* _Task objective_
Pull out every line below that contains the word "xmlns".

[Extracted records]
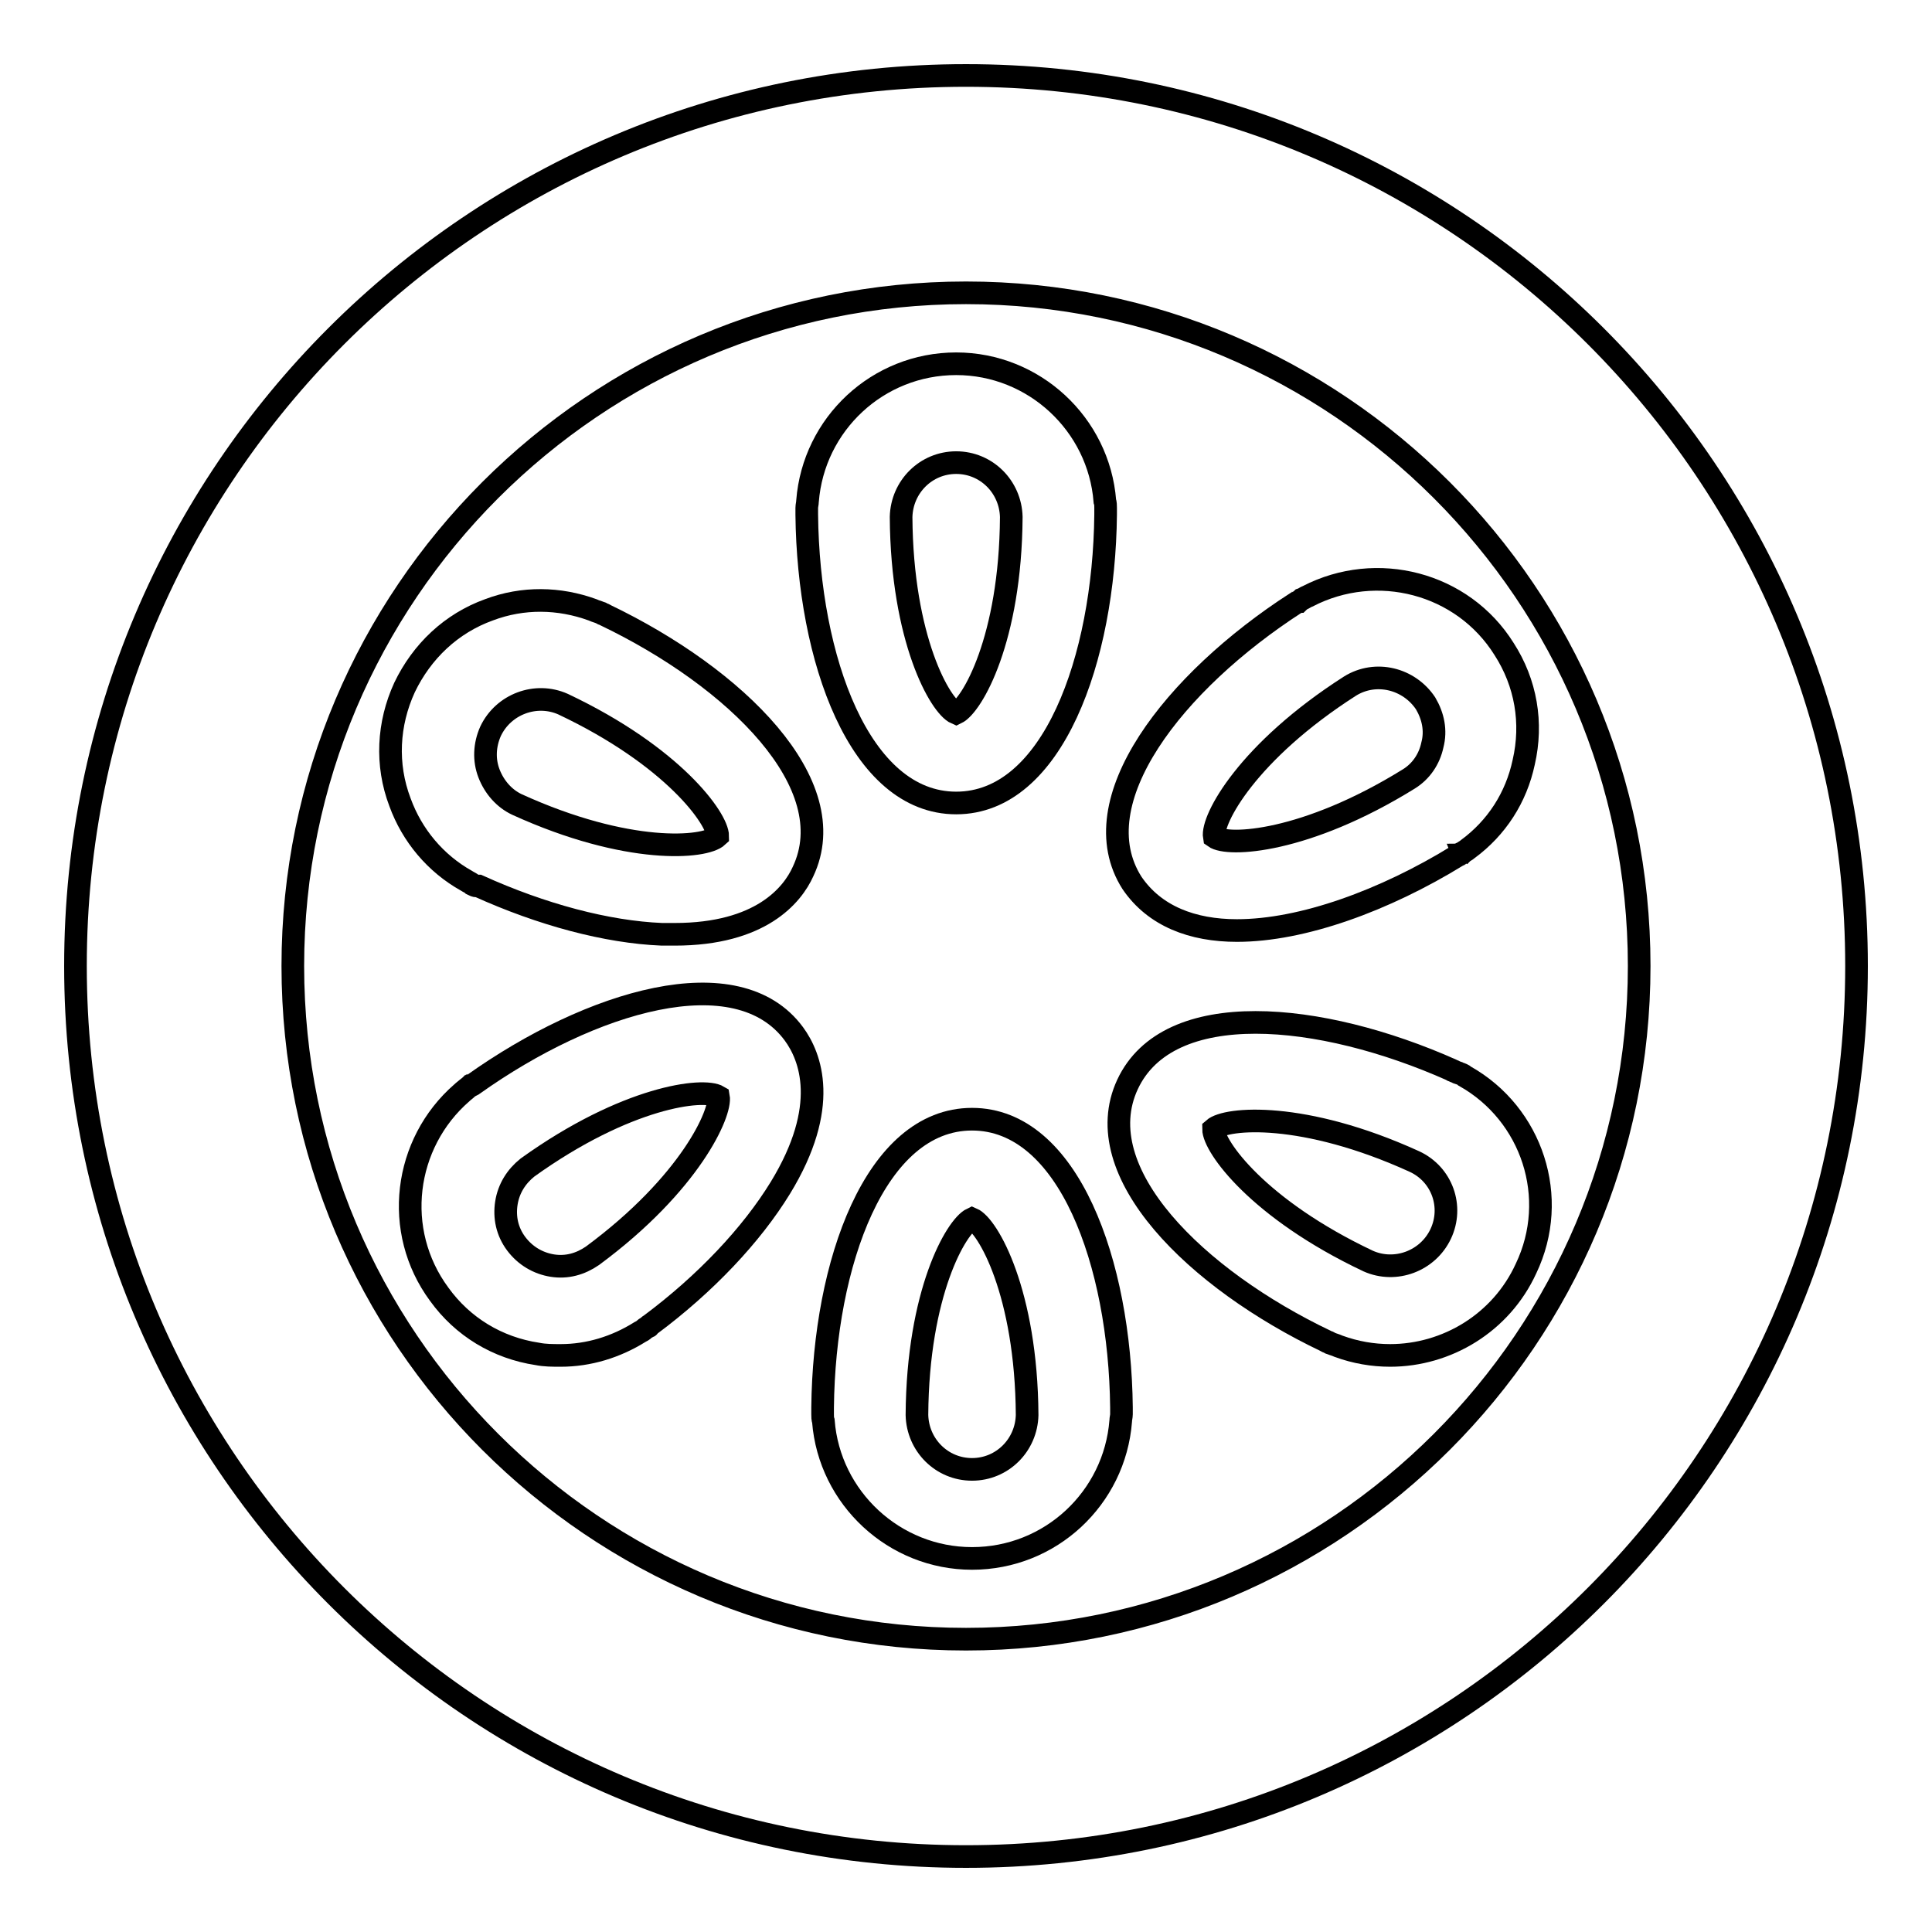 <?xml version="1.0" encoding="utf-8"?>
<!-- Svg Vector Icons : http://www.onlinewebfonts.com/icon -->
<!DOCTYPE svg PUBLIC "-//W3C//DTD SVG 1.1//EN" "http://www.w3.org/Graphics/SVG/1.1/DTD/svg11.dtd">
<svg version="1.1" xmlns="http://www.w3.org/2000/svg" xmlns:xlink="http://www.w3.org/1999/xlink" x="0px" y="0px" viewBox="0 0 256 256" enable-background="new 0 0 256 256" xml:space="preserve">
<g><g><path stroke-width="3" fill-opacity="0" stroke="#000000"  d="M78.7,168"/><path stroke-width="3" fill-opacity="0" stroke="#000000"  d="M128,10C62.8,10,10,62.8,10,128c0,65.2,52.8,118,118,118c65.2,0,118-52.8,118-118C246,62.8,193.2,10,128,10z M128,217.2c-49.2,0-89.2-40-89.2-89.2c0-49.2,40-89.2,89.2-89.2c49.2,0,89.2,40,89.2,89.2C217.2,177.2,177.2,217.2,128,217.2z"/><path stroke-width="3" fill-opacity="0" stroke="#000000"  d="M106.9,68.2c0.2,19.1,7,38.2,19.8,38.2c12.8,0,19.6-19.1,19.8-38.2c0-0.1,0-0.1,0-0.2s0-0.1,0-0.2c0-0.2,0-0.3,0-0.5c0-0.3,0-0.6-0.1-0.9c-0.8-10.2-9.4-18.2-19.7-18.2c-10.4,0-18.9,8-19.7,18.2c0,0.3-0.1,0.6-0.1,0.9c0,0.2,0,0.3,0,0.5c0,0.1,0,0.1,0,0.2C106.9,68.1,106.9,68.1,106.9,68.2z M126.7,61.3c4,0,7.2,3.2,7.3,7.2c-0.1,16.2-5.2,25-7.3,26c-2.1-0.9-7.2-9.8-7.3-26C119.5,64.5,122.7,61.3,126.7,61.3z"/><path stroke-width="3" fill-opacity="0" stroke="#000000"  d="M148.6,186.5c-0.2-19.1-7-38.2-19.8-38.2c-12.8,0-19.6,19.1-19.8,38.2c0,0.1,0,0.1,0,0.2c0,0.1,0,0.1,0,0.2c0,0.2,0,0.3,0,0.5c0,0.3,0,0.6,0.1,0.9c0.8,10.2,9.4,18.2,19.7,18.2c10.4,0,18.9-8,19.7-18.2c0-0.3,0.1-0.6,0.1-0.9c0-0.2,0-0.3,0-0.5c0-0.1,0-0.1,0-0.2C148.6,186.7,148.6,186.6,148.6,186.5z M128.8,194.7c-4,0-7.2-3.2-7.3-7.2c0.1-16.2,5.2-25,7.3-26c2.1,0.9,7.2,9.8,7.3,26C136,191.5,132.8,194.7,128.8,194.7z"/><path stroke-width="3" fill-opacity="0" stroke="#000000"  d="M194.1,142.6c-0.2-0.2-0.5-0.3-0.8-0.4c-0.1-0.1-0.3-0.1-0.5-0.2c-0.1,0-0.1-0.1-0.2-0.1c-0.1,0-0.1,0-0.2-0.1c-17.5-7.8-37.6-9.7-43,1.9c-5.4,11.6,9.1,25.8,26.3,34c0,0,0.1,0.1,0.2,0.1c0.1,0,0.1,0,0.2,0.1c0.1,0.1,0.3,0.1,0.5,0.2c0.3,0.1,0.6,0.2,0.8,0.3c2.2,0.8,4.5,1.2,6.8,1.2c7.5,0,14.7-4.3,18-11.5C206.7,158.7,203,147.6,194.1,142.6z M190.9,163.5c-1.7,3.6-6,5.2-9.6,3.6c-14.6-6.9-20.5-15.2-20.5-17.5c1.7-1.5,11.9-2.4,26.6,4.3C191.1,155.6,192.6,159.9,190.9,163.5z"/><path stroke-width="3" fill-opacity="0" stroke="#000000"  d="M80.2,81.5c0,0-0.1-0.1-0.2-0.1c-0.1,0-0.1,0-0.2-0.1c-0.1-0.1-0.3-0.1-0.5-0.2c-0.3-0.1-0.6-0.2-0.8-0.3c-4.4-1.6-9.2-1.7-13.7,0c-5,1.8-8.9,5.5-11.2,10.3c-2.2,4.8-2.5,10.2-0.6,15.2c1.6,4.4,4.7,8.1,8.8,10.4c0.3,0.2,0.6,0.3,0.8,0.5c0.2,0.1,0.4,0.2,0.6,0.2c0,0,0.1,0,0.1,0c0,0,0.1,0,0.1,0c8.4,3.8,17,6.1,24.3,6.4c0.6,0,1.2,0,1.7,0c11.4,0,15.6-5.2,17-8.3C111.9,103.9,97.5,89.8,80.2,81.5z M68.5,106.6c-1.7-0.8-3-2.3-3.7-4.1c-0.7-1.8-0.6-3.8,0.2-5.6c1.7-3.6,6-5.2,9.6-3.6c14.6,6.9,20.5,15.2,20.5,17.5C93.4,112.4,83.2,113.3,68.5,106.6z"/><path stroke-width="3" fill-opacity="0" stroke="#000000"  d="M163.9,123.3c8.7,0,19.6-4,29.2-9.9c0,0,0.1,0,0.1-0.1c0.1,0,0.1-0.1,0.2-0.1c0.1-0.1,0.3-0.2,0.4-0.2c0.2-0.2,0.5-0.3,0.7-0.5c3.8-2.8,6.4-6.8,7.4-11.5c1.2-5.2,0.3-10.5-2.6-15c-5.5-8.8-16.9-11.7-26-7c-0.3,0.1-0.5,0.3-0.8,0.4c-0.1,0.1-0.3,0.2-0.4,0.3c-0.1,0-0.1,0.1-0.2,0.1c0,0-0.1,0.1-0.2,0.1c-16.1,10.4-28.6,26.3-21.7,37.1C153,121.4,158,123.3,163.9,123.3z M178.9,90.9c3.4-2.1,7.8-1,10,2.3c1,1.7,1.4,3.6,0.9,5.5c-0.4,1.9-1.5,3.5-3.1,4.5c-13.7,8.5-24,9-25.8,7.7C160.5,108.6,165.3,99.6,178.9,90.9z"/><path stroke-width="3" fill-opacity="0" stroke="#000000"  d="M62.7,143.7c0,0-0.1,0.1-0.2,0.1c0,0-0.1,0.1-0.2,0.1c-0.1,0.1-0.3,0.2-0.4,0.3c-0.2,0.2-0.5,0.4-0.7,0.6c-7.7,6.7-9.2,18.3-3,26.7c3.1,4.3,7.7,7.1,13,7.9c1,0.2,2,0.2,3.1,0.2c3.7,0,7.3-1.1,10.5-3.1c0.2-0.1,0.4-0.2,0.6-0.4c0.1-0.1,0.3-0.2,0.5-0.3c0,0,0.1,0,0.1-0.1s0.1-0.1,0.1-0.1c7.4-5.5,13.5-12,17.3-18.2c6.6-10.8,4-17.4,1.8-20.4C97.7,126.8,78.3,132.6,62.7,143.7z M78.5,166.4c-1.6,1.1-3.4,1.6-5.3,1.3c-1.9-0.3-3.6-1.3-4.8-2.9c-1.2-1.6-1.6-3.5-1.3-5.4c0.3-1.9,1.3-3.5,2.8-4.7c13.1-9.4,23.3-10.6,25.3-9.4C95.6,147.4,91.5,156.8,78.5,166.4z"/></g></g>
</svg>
==
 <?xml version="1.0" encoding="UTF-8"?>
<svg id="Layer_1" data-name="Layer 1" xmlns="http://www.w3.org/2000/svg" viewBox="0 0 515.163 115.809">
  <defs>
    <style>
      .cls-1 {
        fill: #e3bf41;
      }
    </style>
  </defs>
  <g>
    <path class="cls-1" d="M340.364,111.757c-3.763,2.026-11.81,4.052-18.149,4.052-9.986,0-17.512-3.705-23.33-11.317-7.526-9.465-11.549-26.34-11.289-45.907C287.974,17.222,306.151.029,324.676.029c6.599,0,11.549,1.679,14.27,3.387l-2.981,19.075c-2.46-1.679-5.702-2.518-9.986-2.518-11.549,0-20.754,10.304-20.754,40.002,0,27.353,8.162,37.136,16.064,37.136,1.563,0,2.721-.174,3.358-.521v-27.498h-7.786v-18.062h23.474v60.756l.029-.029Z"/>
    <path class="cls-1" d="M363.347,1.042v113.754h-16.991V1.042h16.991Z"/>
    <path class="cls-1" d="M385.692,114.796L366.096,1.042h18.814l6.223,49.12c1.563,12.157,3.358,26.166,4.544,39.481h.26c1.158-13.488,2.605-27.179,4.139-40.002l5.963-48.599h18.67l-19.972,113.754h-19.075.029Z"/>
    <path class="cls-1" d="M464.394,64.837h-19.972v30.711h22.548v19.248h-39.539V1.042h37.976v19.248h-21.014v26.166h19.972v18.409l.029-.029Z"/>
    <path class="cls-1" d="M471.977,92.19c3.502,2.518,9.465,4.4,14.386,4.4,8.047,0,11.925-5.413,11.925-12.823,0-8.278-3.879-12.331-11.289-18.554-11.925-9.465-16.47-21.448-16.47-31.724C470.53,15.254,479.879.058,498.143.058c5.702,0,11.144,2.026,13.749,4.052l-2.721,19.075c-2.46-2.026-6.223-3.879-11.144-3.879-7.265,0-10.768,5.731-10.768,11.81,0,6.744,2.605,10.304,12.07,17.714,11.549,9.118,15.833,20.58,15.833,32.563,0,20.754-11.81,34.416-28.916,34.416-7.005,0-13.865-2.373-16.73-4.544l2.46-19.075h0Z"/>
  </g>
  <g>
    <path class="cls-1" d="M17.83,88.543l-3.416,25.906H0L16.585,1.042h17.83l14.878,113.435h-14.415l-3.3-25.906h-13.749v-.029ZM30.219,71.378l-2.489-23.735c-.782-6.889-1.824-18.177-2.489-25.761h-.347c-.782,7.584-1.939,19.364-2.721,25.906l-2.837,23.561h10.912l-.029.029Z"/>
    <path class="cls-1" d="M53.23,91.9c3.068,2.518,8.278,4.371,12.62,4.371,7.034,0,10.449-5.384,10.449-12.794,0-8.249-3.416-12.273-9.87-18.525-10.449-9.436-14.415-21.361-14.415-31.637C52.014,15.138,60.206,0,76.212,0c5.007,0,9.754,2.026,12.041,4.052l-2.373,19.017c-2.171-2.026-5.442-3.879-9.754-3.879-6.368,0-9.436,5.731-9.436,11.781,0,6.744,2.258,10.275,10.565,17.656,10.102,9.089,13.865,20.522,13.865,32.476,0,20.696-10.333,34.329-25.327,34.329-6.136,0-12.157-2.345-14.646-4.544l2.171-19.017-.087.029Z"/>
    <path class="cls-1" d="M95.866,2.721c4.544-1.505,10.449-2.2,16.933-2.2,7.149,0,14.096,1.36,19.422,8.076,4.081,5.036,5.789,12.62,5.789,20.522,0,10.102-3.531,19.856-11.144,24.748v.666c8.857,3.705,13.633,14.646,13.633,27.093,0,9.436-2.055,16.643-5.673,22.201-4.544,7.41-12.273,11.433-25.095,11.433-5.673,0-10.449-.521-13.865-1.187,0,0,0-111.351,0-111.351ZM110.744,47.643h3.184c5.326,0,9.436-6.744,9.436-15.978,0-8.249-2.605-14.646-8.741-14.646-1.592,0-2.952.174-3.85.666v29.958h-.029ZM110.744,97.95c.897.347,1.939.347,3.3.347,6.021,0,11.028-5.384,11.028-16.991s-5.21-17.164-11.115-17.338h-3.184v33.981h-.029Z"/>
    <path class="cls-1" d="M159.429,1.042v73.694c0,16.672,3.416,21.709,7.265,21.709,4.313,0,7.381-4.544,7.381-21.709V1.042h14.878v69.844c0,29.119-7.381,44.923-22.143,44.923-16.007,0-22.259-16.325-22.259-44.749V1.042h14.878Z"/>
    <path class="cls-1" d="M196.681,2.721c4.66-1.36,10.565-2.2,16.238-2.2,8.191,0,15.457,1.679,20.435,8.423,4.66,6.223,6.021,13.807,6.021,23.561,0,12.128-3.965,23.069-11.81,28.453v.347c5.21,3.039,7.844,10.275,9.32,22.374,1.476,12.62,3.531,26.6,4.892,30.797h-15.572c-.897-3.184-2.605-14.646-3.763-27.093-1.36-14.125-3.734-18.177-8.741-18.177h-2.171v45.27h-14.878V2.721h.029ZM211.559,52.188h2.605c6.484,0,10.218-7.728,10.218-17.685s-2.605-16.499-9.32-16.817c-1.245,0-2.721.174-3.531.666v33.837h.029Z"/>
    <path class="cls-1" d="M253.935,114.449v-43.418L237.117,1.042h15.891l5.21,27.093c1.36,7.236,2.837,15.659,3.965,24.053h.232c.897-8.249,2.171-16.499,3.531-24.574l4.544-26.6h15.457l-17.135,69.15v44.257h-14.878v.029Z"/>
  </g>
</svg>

* _Completed task_
<svg version="1.1" xmlns="http://www.w3.org/2000/svg" xmlns:xlink="http://www.w3.org/1999/xlink" x="0px" y="0px" viewBox="0 0 256 256" enable-background="new 0 0 256 256" xml:space="preserve">
<svg id="Layer_1" data-name="Layer 1" xmlns="http://www.w3.org/2000/svg" viewBox="0 0 515.163 115.809">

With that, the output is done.